How Metalwood Studio’s Cheeky Golf Cap Became a Cult Menswear Hit

When Cole Young launched Metalwood Studio, in 2020, golf style was in the early stages of a historic glow-up. Young, a former college golfer with a closet full of Stüssy, Noah, and Supreme, was struggling to find clothes he wanted to wear on the links that wouldn’t look out of place off of it. So from the outset, Metalwood’s directive was clear: by offering golf gear indebted to streetwear’s winking graphics and throwback prints, it would appeal to guys who worshipped Jebbia just as much as Jacklin.  

When Young began mocking up Metalwood’s hats, the usual anodyne poly-blend options weren’t on the moodboard. Instead, Metalwood started selling logo-adorned bucket hats, truckers, and dad caps, including a camouflage 5-panel with the brand’s distinct slasher typeface splashed across the front. The camo style was meant to be a joke, Young says, but a few years and thousands of units later, it’s evolved into the rare piece of golf apparel beloved by menswear fans who have never hit the driving range.

Metalwood’s camo hat might’ve started out as a tongue-in-cheek Realtree flip, but its emergence as an insider-y status symbol feels perfectly in-line with the brand’s core ethos—and Young’s deep knowledge of streetwear lore. In the same spirit of Stüssy’s Chanel send-up, Metalwood’s hero product subverts golf’s clean-cut, elitist reputation. And in the same way that wearing a T-shirt from Supreme no longer telegraphs your ability to land an ollie, wearing the hat is no sure indication that you know the difference between an albatross and a double-eagle. (They are, in fact, the same thing.)

Metalwood Metal Logo 5-Panel Hat

According to Christian Hafer, a photographer who regularly shoots the pro golf circuit, Metalwood’s hat is a staple of spectator galleries both domestic and abroad. More surprising, though, is how often he spots it off the course, in airport terminals and on city streets. “I’ll go up to New York for meetings and see some random person with it on and I’m like, I don’t know if they golf. I don’t want to stereotype this person,” Hafer says, “but they don’t look like they know what golf is.”
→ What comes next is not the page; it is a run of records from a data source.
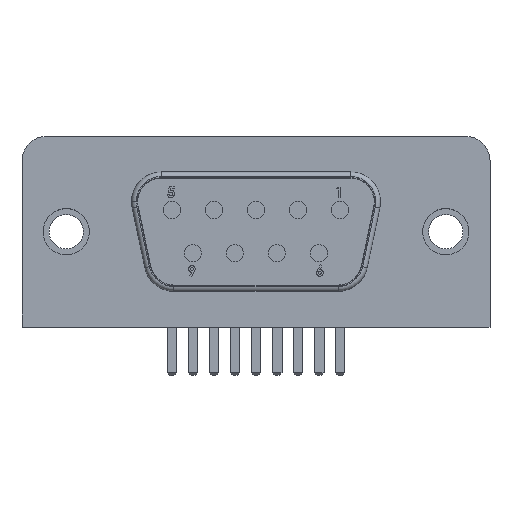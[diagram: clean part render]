
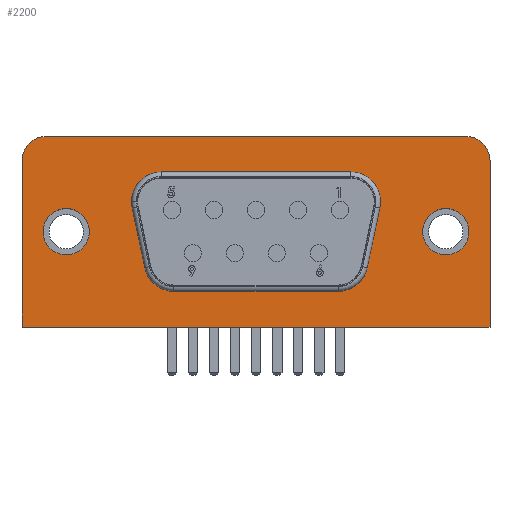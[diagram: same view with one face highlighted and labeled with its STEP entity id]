
A CAD part, top view. The second image highlights one B-rep face of the part: STEP entity #2200.
In plain terms, the highlighted planar face has unit normal (0, 0, 1).
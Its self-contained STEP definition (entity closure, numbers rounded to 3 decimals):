
#697 = VERTEX_POINT('',#698);
#698 = CARTESIAN_POINT('',(7.209,8.242,0.));
#704 = EDGE_CURVE('',#697,#705,#707,.T.);
#705 = VERTEX_POINT('',#706);
#706 = CARTESIAN_POINT('',(7.252,7.837,0.));
#707 = CIRCLE('',#708,1.956);
#708 = AXIS2_PLACEMENT_3D('',#709,#710,#711);
#709 = CARTESIAN_POINT('',(9.165,8.242,0.));
#710 = DIRECTION('',(0.,0.,1.));
#711 = DIRECTION('',(-1.,0.,0.));
#730 = VERTEX_POINT('',#731);
#731 = CARTESIAN_POINT('',(29.426,6.274,0.));
#737 = EDGE_CURVE('',#738,#730,#740,.T.);
#738 = VERTEX_POINT('',#739);
#739 = CARTESIAN_POINT('',(26.378,6.274,0.));
#740 = CIRCLE('',#741,1.524);
#741 = AXIS2_PLACEMENT_3D('',#742,#743,#744);
#742 = CARTESIAN_POINT('',(27.902,6.274,0.));
#743 = DIRECTION('',(0.,0.,1.));
#744 = DIRECTION('',(1.,0.,0.));
#772 = VERTEX_POINT('',#773);
#773 = CARTESIAN_POINT('',(4.432,6.274,0.));
#779 = EDGE_CURVE('',#780,#772,#782,.T.);
#780 = VERTEX_POINT('',#781);
#781 = CARTESIAN_POINT('',(1.384,6.274,0.));
#782 = CIRCLE('',#783,1.524);
#783 = AXIS2_PLACEMENT_3D('',#784,#785,#786);
#784 = CARTESIAN_POINT('',(2.908,6.274,0.));
#785 = DIRECTION('',(0.,0.,1.));
#786 = DIRECTION('',(1.,0.,0.));
#2156 = EDGE_CURVE('',#772,#780,#2157,.T.);
#2157 = CIRCLE('',#2158,1.524);
#2158 = AXIS2_PLACEMENT_3D('',#2159,#2160,#2161);
#2159 = CARTESIAN_POINT('',(2.908,6.274,0.));
#2160 = DIRECTION('',(0.,0.,1.));
#2161 = DIRECTION('',(1.,0.,0.));
#2180 = EDGE_CURVE('',#730,#738,#2181,.T.);
#2181 = CIRCLE('',#2182,1.524);
#2182 = AXIS2_PLACEMENT_3D('',#2183,#2184,#2185);
#2183 = CARTESIAN_POINT('',(27.902,6.274,0.));
#2184 = DIRECTION('',(0.,0.,1.));
#2185 = DIRECTION('',(1.,0.,0.));
#2200 = ADVANCED_FACE('',(#2201,#2253,#2257,#2261),#2330,.T.);
#2201 = FACE_BOUND('',#2202,.T.);
#2202 = EDGE_LOOP('',(#2203,#2213,#2222,#2230,#2238,#2246));
#2203 = ORIENTED_EDGE('',*,*,#2204,.T.);
#2204 = EDGE_CURVE('',#2205,#2207,#2209,.T.);
#2205 = VERTEX_POINT('',#2206);
#2206 = CARTESIAN_POINT('',(29.223,12.548,0.));
#2207 = VERTEX_POINT('',#2208);
#2208 = CARTESIAN_POINT('',(1.588,12.548,0.));
#2209 = LINE('',#2210,#2211);
#2210 = CARTESIAN_POINT('',(0.,12.548,0.));
#2211 = VECTOR('',#2212,1.);
#2212 = DIRECTION('',(-1.,-0.,-0.));
#2213 = ORIENTED_EDGE('',*,*,#2214,.T.);
#2214 = EDGE_CURVE('',#2207,#2215,#2217,.T.);
#2215 = VERTEX_POINT('',#2216);
#2216 = CARTESIAN_POINT('',(0.,10.96,0.));
#2217 = CIRCLE('',#2218,1.588);
#2218 = AXIS2_PLACEMENT_3D('',#2219,#2220,#2221);
#2219 = CARTESIAN_POINT('',(1.588,10.96,0.));
#2220 = DIRECTION('',(0.,0.,1.));
#2221 = DIRECTION('',(1.,0.,0.));
#2222 = ORIENTED_EDGE('',*,*,#2223,.T.);
#2223 = EDGE_CURVE('',#2215,#2224,#2226,.T.);
#2224 = VERTEX_POINT('',#2225);
#2225 = CARTESIAN_POINT('',(0.,0.,0.));
#2226 = LINE('',#2227,#2228);
#2227 = CARTESIAN_POINT('',(0.,12.548,0.));
#2228 = VECTOR('',#2229,1.);
#2229 = DIRECTION('',(0.,-1.,0.));
#2230 = ORIENTED_EDGE('',*,*,#2231,.T.);
#2231 = EDGE_CURVE('',#2224,#2232,#2234,.T.);
#2232 = VERTEX_POINT('',#2233);
#2233 = CARTESIAN_POINT('',(30.81,0.,0.));
#2234 = LINE('',#2235,#2236);
#2235 = CARTESIAN_POINT('',(0.,0.,0.));
#2236 = VECTOR('',#2237,1.);
#2237 = DIRECTION('',(1.,0.,0.));
#2238 = ORIENTED_EDGE('',*,*,#2239,.T.);
#2239 = EDGE_CURVE('',#2232,#2240,#2242,.T.);
#2240 = VERTEX_POINT('',#2241);
#2241 = CARTESIAN_POINT('',(30.81,10.96,0.));
#2242 = LINE('',#2243,#2244);
#2243 = CARTESIAN_POINT('',(30.81,12.548,0.));
#2244 = VECTOR('',#2245,1.);
#2245 = DIRECTION('',(0.,1.,0.));
#2246 = ORIENTED_EDGE('',*,*,#2247,.T.);
#2247 = EDGE_CURVE('',#2240,#2205,#2248,.T.);
#2248 = CIRCLE('',#2249,1.588);
#2249 = AXIS2_PLACEMENT_3D('',#2250,#2251,#2252);
#2250 = CARTESIAN_POINT('',(29.223,10.96,0.));
#2251 = DIRECTION('',(0.,0.,1.));
#2252 = DIRECTION('',(1.,0.,0.));
#2253 = FACE_BOUND('',#2254,.T.);
#2254 = EDGE_LOOP('',(#2255,#2256));
#2255 = ORIENTED_EDGE('',*,*,#2156,.F.);
#2256 = ORIENTED_EDGE('',*,*,#779,.F.);
#2257 = FACE_BOUND('',#2258,.T.);
#2258 = EDGE_LOOP('',(#2259,#2260));
#2259 = ORIENTED_EDGE('',*,*,#2180,.F.);
#2260 = ORIENTED_EDGE('',*,*,#737,.F.);
#2261 = FACE_BOUND('',#2262,.T.);
#2262 = EDGE_LOOP('',(#2263,#2273,#2282,#2288,#2289,#2298,#2306,#2315,
    #2323));
#2263 = ORIENTED_EDGE('',*,*,#2264,.F.);
#2264 = EDGE_CURVE('',#2265,#2267,#2269,.T.);
#2265 = VERTEX_POINT('',#2266);
#2266 = CARTESIAN_POINT('',(9.999,2.35,0.));
#2267 = VERTEX_POINT('',#2268);
#2268 = CARTESIAN_POINT('',(20.811,2.35,0.));
#2269 = LINE('',#2270,#2271);
#2270 = CARTESIAN_POINT('',(20.811,2.35,0.));
#2271 = VECTOR('',#2272,1.);
#2272 = DIRECTION('',(1.,0.,0.));
#2273 = ORIENTED_EDGE('',*,*,#2274,.F.);
#2274 = EDGE_CURVE('',#2275,#2265,#2277,.T.);
#2275 = VERTEX_POINT('',#2276);
#2276 = CARTESIAN_POINT('',(8.085,3.9,0.));
#2277 = CIRCLE('',#2278,1.956);
#2278 = AXIS2_PLACEMENT_3D('',#2279,#2280,#2281);
#2279 = CARTESIAN_POINT('',(9.999,4.305,0.));
#2280 = DIRECTION('',(0.,0.,1.));
#2281 = DIRECTION('',(-1.,0.,0.));
#2282 = ORIENTED_EDGE('',*,*,#2283,.F.);
#2283 = EDGE_CURVE('',#705,#2275,#2284,.T.);
#2284 = LINE('',#2285,#2286);
#2285 = CARTESIAN_POINT('',(8.085,3.9,0.));
#2286 = VECTOR('',#2287,1.);
#2287 = DIRECTION('',(0.207,-0.978,0.));
#2288 = ORIENTED_EDGE('',*,*,#704,.F.);
#2289 = ORIENTED_EDGE('',*,*,#2290,.F.);
#2290 = EDGE_CURVE('',#2291,#697,#2293,.T.);
#2291 = VERTEX_POINT('',#2292);
#2292 = CARTESIAN_POINT('',(9.165,10.198,0.));
#2293 = CIRCLE('',#2294,1.956);
#2294 = AXIS2_PLACEMENT_3D('',#2295,#2296,#2297);
#2295 = CARTESIAN_POINT('',(9.165,8.242,0.));
#2296 = DIRECTION('',(0.,0.,1.));
#2297 = DIRECTION('',(-1.,0.,0.));
#2298 = ORIENTED_EDGE('',*,*,#2299,.F.);
#2299 = EDGE_CURVE('',#2300,#2291,#2302,.T.);
#2300 = VERTEX_POINT('',#2301);
#2301 = CARTESIAN_POINT('',(21.645,10.198,0.));
#2302 = LINE('',#2303,#2304);
#2303 = CARTESIAN_POINT('',(9.165,10.198,0.));
#2304 = VECTOR('',#2305,1.);
#2305 = DIRECTION('',(-1.,-0.,-0.));
#2306 = ORIENTED_EDGE('',*,*,#2307,.F.);
#2307 = EDGE_CURVE('',#2308,#2300,#2310,.T.);
#2308 = VERTEX_POINT('',#2309);
#2309 = CARTESIAN_POINT('',(23.559,7.837,0.));
#2310 = CIRCLE('',#2311,1.956);
#2311 = AXIS2_PLACEMENT_3D('',#2312,#2313,#2314);
#2312 = CARTESIAN_POINT('',(21.645,8.242,0.));
#2313 = DIRECTION('',(0.,0.,1.));
#2314 = DIRECTION('',(-1.,0.,0.));
#2315 = ORIENTED_EDGE('',*,*,#2316,.F.);
#2316 = EDGE_CURVE('',#2317,#2308,#2319,.T.);
#2317 = VERTEX_POINT('',#2318);
#2318 = CARTESIAN_POINT('',(22.725,3.9,0.));
#2319 = LINE('',#2320,#2321);
#2320 = CARTESIAN_POINT('',(23.559,7.837,0.));
#2321 = VECTOR('',#2322,1.);
#2322 = DIRECTION('',(0.207,0.978,0.));
#2323 = ORIENTED_EDGE('',*,*,#2324,.F.);
#2324 = EDGE_CURVE('',#2267,#2317,#2325,.T.);
#2325 = CIRCLE('',#2326,1.956);
#2326 = AXIS2_PLACEMENT_3D('',#2327,#2328,#2329);
#2327 = CARTESIAN_POINT('',(20.811,4.305,0.));
#2328 = DIRECTION('',(0.,0.,1.));
#2329 = DIRECTION('',(-1.,0.,0.));
#2330 = PLANE('',#2331);
#2331 = AXIS2_PLACEMENT_3D('',#2332,#2333,#2334);
#2332 = CARTESIAN_POINT('',(0.,0.,0.));
#2333 = DIRECTION('',(0.,0.,1.));
#2334 = DIRECTION('',(1.,0.,0.));
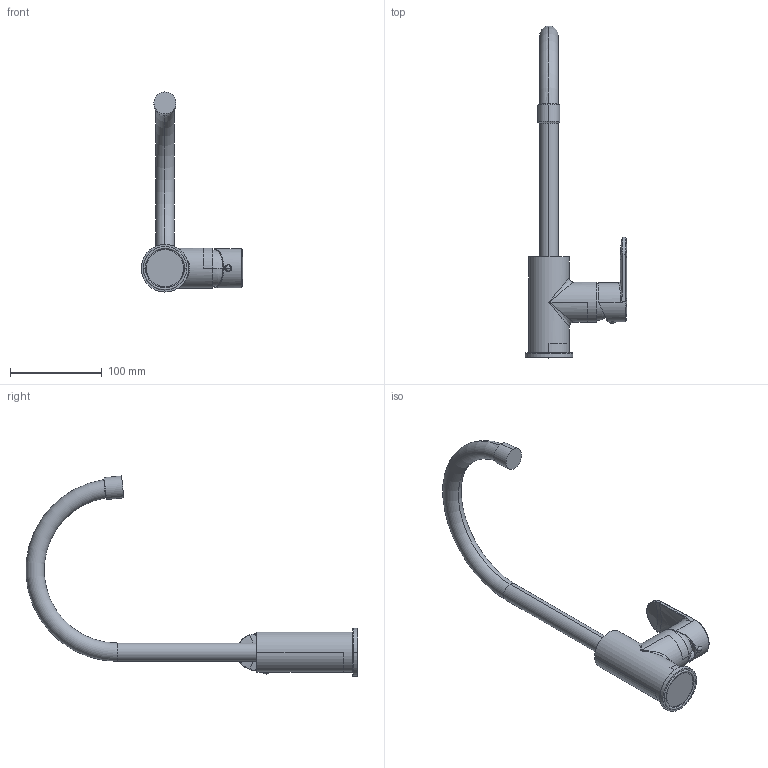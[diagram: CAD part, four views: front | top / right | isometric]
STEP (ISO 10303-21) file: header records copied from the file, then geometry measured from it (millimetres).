
FILE_DESCRIPTION((''),'2;1');
FILE_NAME('CA181CR','2021-01-13T13:45:42',('ut3'),('PAFFONI SpA'),'CREO PARAMETRIC BY PTC INC, 2020044','CREO PARAMETRIC BY PTC INC, 2020044','');
FILE_SCHEMA(('CONFIG_CONTROL_DESIGN','SHAPE_APPEARANCE_LAYERS_GROUPS'));
Length unit declared in the file: millimetre
Products named in the file (1): CA181CR
Bounding box: 111 x 362.05 x 218.37 mm (x, y, z)
Volume: 297063.7 mm3; surface area: 92051.3 mm2
Topology: 2 solids, 2 shells, 346 faces, 817 edges, 499 vertices
Faces by surface type: cylinder 139, plane 93, cone 49, bspline 39, torus 22, sphere 4
Entity records: 17132 total; most frequent: CARTESIAN_POINT 6863, DIRECTION 1647, ORIENTED_EDGE 1602, EDGE_CURVE 801, AXIS2_PLACEMENT_3D 675, VERTEX_POINT 499, EDGE_LOOP 404, CIRCLE 368
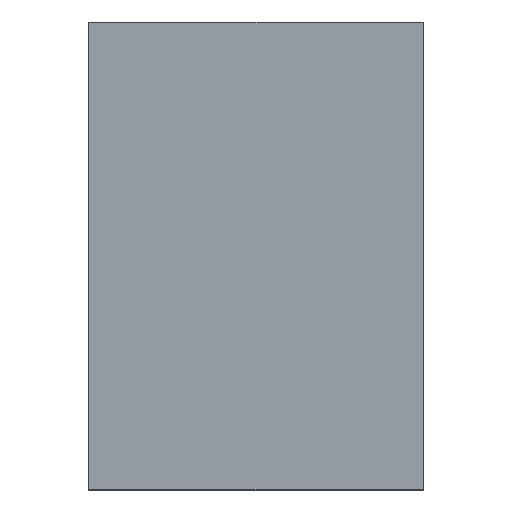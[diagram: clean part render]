
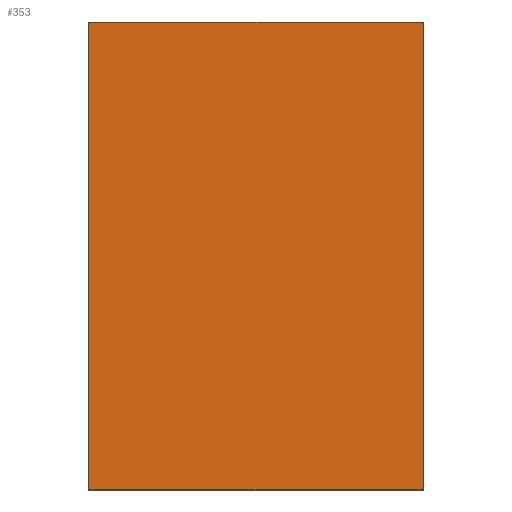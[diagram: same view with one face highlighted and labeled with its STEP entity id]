
A CAD part, top view. The second image highlights one B-rep face of the part: STEP entity #353.
In plain terms, the highlighted planar face has unit normal (0, 0, 1).
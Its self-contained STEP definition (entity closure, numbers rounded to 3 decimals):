
#39 = VERTEX_POINT('',#40);
#40 = CARTESIAN_POINT('',(-1.,1.4,0.4));
#47 = PLANE('',#48);
#48 = AXIS2_PLACEMENT_3D('',#49,#50,#51);
#49 = CARTESIAN_POINT('',(-1.,1.4,0.));
#50 = DIRECTION('',(0.,1.,0.));
#51 = DIRECTION('',(1.,0.,0.));
#59 = PLANE('',#60);
#60 = AXIS2_PLACEMENT_3D('',#61,#62,#63);
#61 = CARTESIAN_POINT('',(-1.,-1.4,0.));
#62 = DIRECTION('',(-1.,0.,0.));
#63 = DIRECTION('',(0.,1.,0.));
#71 = EDGE_CURVE('',#39,#72,#74,.T.);
#72 = VERTEX_POINT('',#73);
#73 = CARTESIAN_POINT('',(1.,1.4,0.4));
#74 = SURFACE_CURVE('',#75,(#79,#86),.PCURVE_S1.);
#75 = LINE('',#76,#77);
#76 = CARTESIAN_POINT('',(-1.,1.4,0.4));
#77 = VECTOR('',#78,1.);
#78 = DIRECTION('',(1.,0.,0.));
#79 = PCURVE('',#47,#80);
#80 = DEFINITIONAL_REPRESENTATION('',(#81),#85);
#81 = LINE('',#82,#83);
#82 = CARTESIAN_POINT('',(0.,-0.4));
#83 = VECTOR('',#84,1.);
#84 = DIRECTION('',(1.,0.));
#85 = ( GEOMETRIC_REPRESENTATION_CONTEXT(2) 
PARAMETRIC_REPRESENTATION_CONTEXT() REPRESENTATION_CONTEXT('2D SPACE',''
  ) );
#86 = PCURVE('',#87,#92);
#87 = PLANE('',#88);
#88 = AXIS2_PLACEMENT_3D('',#89,#90,#91);
#89 = CARTESIAN_POINT('',(0.,0.,0.4));
#90 = DIRECTION('',(-0.,-0.,-1.));
#91 = DIRECTION('',(-1.,0.,0.));
#92 = DEFINITIONAL_REPRESENTATION('',(#93),#97);
#93 = LINE('',#94,#95);
#94 = CARTESIAN_POINT('',(1.,1.4));
#95 = VECTOR('',#96,1.);
#96 = DIRECTION('',(-1.,0.));
#97 = ( GEOMETRIC_REPRESENTATION_CONTEXT(2) 
PARAMETRIC_REPRESENTATION_CONTEXT() REPRESENTATION_CONTEXT('2D SPACE',''
  ) );
#115 = PLANE('',#116);
#116 = AXIS2_PLACEMENT_3D('',#117,#118,#119);
#117 = CARTESIAN_POINT('',(1.,1.4,0.));
#118 = DIRECTION('',(1.,0.,-0.));
#119 = DIRECTION('',(0.,-1.,0.));
#157 = EDGE_CURVE('',#72,#158,#160,.T.);
#158 = VERTEX_POINT('',#159);
#159 = CARTESIAN_POINT('',(1.,-1.4,0.4));
#160 = SURFACE_CURVE('',#161,(#165,#172),.PCURVE_S1.);
#161 = LINE('',#162,#163);
#162 = CARTESIAN_POINT('',(1.,1.4,0.4));
#163 = VECTOR('',#164,1.);
#164 = DIRECTION('',(0.,-1.,0.));
#165 = PCURVE('',#115,#166);
#166 = DEFINITIONAL_REPRESENTATION('',(#167),#171);
#167 = LINE('',#168,#169);
#168 = CARTESIAN_POINT('',(0.,-0.4));
#169 = VECTOR('',#170,1.);
#170 = DIRECTION('',(1.,0.));
#171 = ( GEOMETRIC_REPRESENTATION_CONTEXT(2) 
PARAMETRIC_REPRESENTATION_CONTEXT() REPRESENTATION_CONTEXT('2D SPACE',''
  ) );
#172 = PCURVE('',#87,#173);
#173 = DEFINITIONAL_REPRESENTATION('',(#174),#178);
#174 = LINE('',#175,#176);
#175 = CARTESIAN_POINT('',(-1.,1.4));
#176 = VECTOR('',#177,1.);
#177 = DIRECTION('',(0.,-1.));
#178 = ( GEOMETRIC_REPRESENTATION_CONTEXT(2) 
PARAMETRIC_REPRESENTATION_CONTEXT() REPRESENTATION_CONTEXT('2D SPACE',''
  ) );
#196 = PLANE('',#197);
#197 = AXIS2_PLACEMENT_3D('',#198,#199,#200);
#198 = CARTESIAN_POINT('',(1.,-1.4,0.));
#199 = DIRECTION('',(0.,-1.,0.));
#200 = DIRECTION('',(-1.,0.,0.));
#233 = EDGE_CURVE('',#158,#234,#236,.T.);
#234 = VERTEX_POINT('',#235);
#235 = CARTESIAN_POINT('',(-1.,-1.4,0.4));
#236 = SURFACE_CURVE('',#237,(#241,#248),.PCURVE_S1.);
#237 = LINE('',#238,#239);
#238 = CARTESIAN_POINT('',(1.,-1.4,0.4));
#239 = VECTOR('',#240,1.);
#240 = DIRECTION('',(-1.,0.,0.));
#241 = PCURVE('',#196,#242);
#242 = DEFINITIONAL_REPRESENTATION('',(#243),#247);
#243 = LINE('',#244,#245);
#244 = CARTESIAN_POINT('',(0.,-0.4));
#245 = VECTOR('',#246,1.);
#246 = DIRECTION('',(1.,0.));
#247 = ( GEOMETRIC_REPRESENTATION_CONTEXT(2) 
PARAMETRIC_REPRESENTATION_CONTEXT() REPRESENTATION_CONTEXT('2D SPACE',''
  ) );
#248 = PCURVE('',#87,#249);
#249 = DEFINITIONAL_REPRESENTATION('',(#250),#254);
#250 = LINE('',#251,#252);
#251 = CARTESIAN_POINT('',(-1.,-1.4));
#252 = VECTOR('',#253,1.);
#253 = DIRECTION('',(1.,0.));
#254 = ( GEOMETRIC_REPRESENTATION_CONTEXT(2) 
PARAMETRIC_REPRESENTATION_CONTEXT() REPRESENTATION_CONTEXT('2D SPACE',''
  ) );
#304 = EDGE_CURVE('',#234,#39,#305,.T.);
#305 = SURFACE_CURVE('',#306,(#310,#317),.PCURVE_S1.);
#306 = LINE('',#307,#308);
#307 = CARTESIAN_POINT('',(-1.,-1.4,0.4));
#308 = VECTOR('',#309,1.);
#309 = DIRECTION('',(0.,1.,0.));
#310 = PCURVE('',#59,#311);
#311 = DEFINITIONAL_REPRESENTATION('',(#312),#316);
#312 = LINE('',#313,#314);
#313 = CARTESIAN_POINT('',(0.,-0.4));
#314 = VECTOR('',#315,1.);
#315 = DIRECTION('',(1.,0.));
#316 = ( GEOMETRIC_REPRESENTATION_CONTEXT(2) 
PARAMETRIC_REPRESENTATION_CONTEXT() REPRESENTATION_CONTEXT('2D SPACE',''
  ) );
#317 = PCURVE('',#87,#318);
#318 = DEFINITIONAL_REPRESENTATION('',(#319),#323);
#319 = LINE('',#320,#321);
#320 = CARTESIAN_POINT('',(1.,-1.4));
#321 = VECTOR('',#322,1.);
#322 = DIRECTION('',(0.,1.));
#323 = ( GEOMETRIC_REPRESENTATION_CONTEXT(2) 
PARAMETRIC_REPRESENTATION_CONTEXT() REPRESENTATION_CONTEXT('2D SPACE',''
  ) );
#353 = ADVANCED_FACE('',(#354),#87,.F.);
#354 = FACE_BOUND('',#355,.F.);
#355 = EDGE_LOOP('',(#356,#357,#358,#359));
#356 = ORIENTED_EDGE('',*,*,#71,.T.);
#357 = ORIENTED_EDGE('',*,*,#157,.T.);
#358 = ORIENTED_EDGE('',*,*,#233,.T.);
#359 = ORIENTED_EDGE('',*,*,#304,.T.);

For non-golfers like Throwing Fits co-host Lawrence Schlossman—who Young credits with turning the hat into a hot commodity among extremely online menswear enthusiasts—the cheeky workwear riff is a plus, but the main appeal is pure aesthetics. “I was just like, oh, dang, this looks good on my dome,” Schlossman says. “I’m already a blue collar stolen valor fan, so it seamlessly fit into my wardrobe.” Which is music to Young’s ears, and a serious boon for Metalwood’s bottom line. The hat has “its own whole pillar on our balance sheet,” Young notes; its success has helped support everyday business operations (sample products for new seasons) and the occasional promotional goof (flying a plane over the U.S. Open with a “Got Blades?” sign in tow).

A camo-wrapped 5-panel might feel like an odd emblem of golf’s new swagger, but Metalwood’s canny merging of style tropes has struck a chord. The brand is still niche, but its crossover appeal bodes well for the sport’s cool factor—at least among a very small, very specific cohort of clothing buffs. For now, Young has no plans to partner with the type of big-box retailers hawking stretchy chinos and sweat-wicking polos next to the clubhouse. “I would be bummed if someone saw Metalwood on Instagram…and the only place to buy it is Dick’s Sporting Goods (or the) PGA Superstore. It just wouldn’t make sense for the brand, and it wouldn’t do the brand justice.”

And yet, Young chuckles at the idea of cashing a fat check from the right mass-market partner. If Metalwood Studio ever inks a deal with a pro shop, it’s more likely to be one with “Bass” in its name. “I would accept a million dollar PO,” he says. “I think it’d be the funniest shit ever.”